The painting, like most on the subject, misrepresents the Biblical account for dramatic effect. It is very exciting to think of Lot fleeing a burning city at night, but Lot fled the city in mid-morning, and its destruction did not occur until after sunrise the next day, when Lot and his daughters had reached Zoar.
But the rich has many friends.
He who despises his neighbor sins;
But he who has mercy on the poor, happy is he.
Genesis 19:23-29 (ESV)
The Story of Abraham  - Sodom
he sun had risen on the earth when Lot came to Zoar. Then the Lord rained on Sodom and Gomorrah sulfur and fire from the Lord out of heaven. And he overthrew those cities, and all the valley, and all the inhabitants of the cities, and what grew on the ground.
But Lot's wife, behind him, looked back, and she became a pillar of salt.
And Abraham went early in the morning to the place where he had stood before the Lord. And he looked down toward Sodom and Gomorrah and toward all the land of the valley, and he looked and, behold, the smoke of the land went up like the smoke of a furnace.
So it was that, when God destroyed the cities of the valley, God remembered Abraham and sent Lot out of the midst of the overthrow when he overthrew the cities in which Lot had lived.
Notes on the Scripture
The walk to Zoar for the unprepared Lot and his daughters took a long time, almost a day; it was morning when the angels first started trying to make them leave Sodom, and by the time they reach Zoar, the sun has risen again.
As they leave Sodom, we get one of the iconic moments of the Bible. In verse 17, one of the angels had told them, “Do not look back or stop anywhere in the valley.” But Lot's wife, in her famous moment of disobedience, turns to look back at Sodom, and is transformed into a “pillar of salt”.
Was the angel giving Lot's wife a command, which she was punished for disobeying, or was he simply warning her about a hazard, which she disregarded with an unfortunate result?
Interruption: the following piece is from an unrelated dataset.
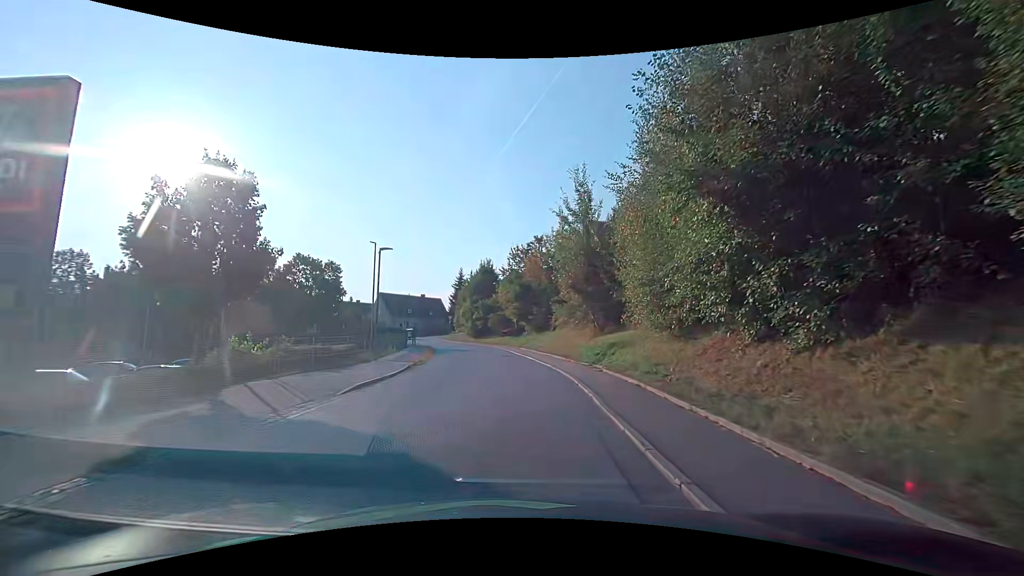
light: Day
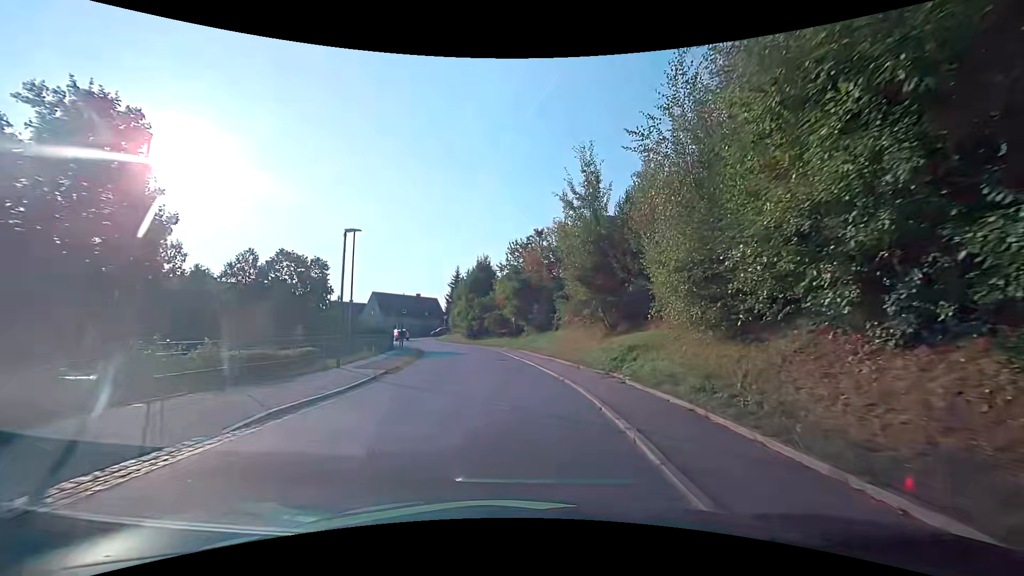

The tone of the story would indicate the latter; throughout the incident, the angels took the role of helpful and patient advisers, doing all in their power to get Lot and his family out of danger.
Also, we can never be sure how literally we should think she became a “pillar of salt”. Whoever observed and retold her death was hardly in a position to perform a chemical analysis. She certainly died, and her appearance changed to something pale and mineral-looking. But the story of Sodom and Gomorrah is filled with fascinating mystery. And there is a human-shaped pillar of salt overlooking the Dead Sea.
Whatever else we can say, Lot's wife gave us a wonderful metaphor for how we must approach our faith. Once we find God and receive the Holy Spirit, we must not look back; we must not fantasize or romanticize a life of indulging our appetites and letting our pride, rather than the Bible and our spirit, guide our lives. To do so is to freeze us, to make us as incapable of action as a pillar of salt. Many people with some Christian feelings live a life trapped between righteousness and sin, like Lot's wife; and like her, their inability to commit, to put their eyes forward and strive toward their destination, will doom them.